### Aim of the task:
Each record is to be printed again exactly, though not its pictures.

Task inputs START

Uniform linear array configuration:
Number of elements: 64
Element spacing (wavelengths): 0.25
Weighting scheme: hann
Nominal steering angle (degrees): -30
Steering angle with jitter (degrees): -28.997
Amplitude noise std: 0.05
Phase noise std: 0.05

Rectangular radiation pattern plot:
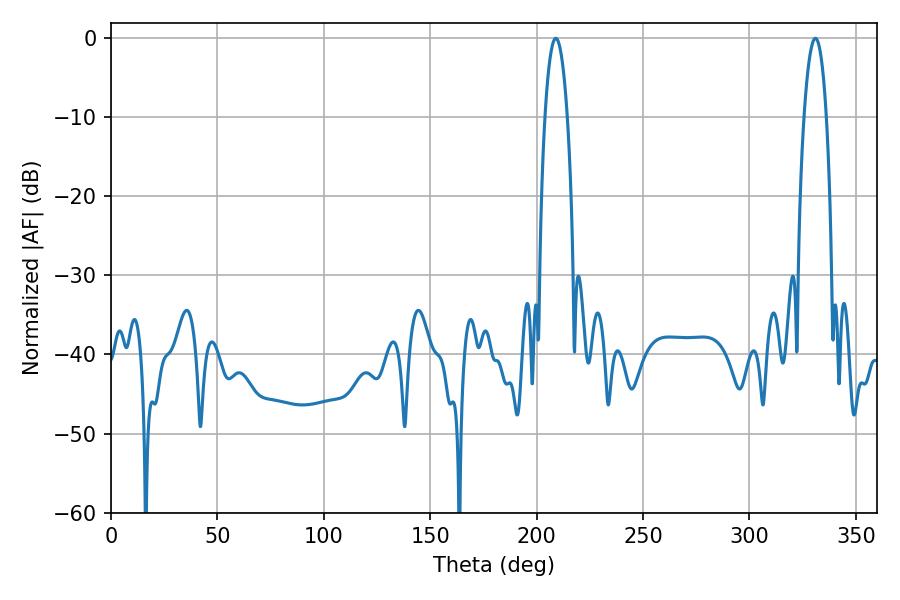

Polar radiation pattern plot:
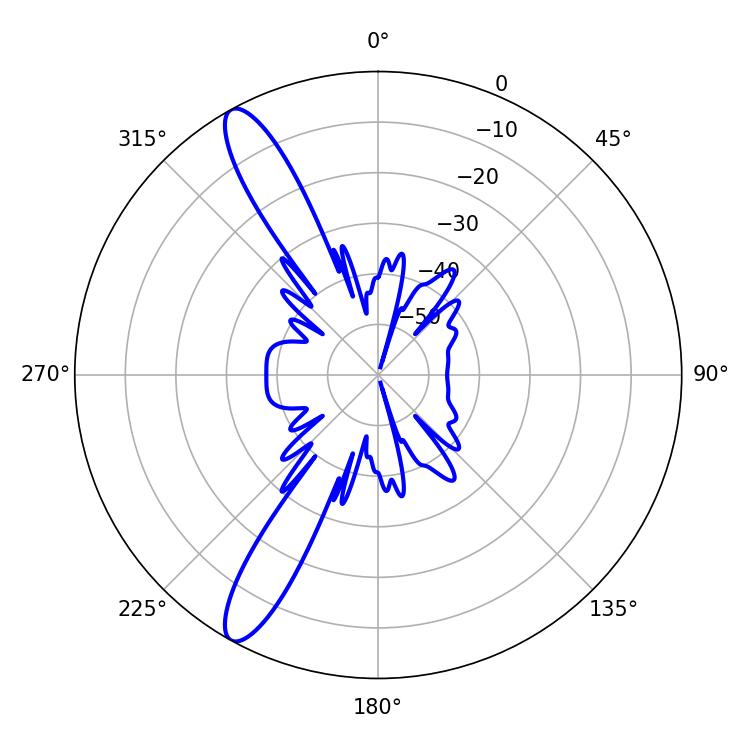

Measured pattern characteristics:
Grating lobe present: FALSE
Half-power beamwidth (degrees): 5.94
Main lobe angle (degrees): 208.98

Task inputs END

### Written solution:
Uniform linear array configuration:
Number of elements: 64
Element spacing (wavelengths): 0.25
Weighting scheme: hann
Nominal steering angle (degrees): -30
Steering angle with jitter (degrees): -28.997
Amplitude noise std: 0.05
Phase noise std: 0.05

Rectangular radiation pattern plot:

Polar radiation pattern plot:

Measured pattern characteristics:
Grating lobe present: FALSE
Half-power beamwidth (degrees): 5.94
Main lobe angle (degrees): 208.98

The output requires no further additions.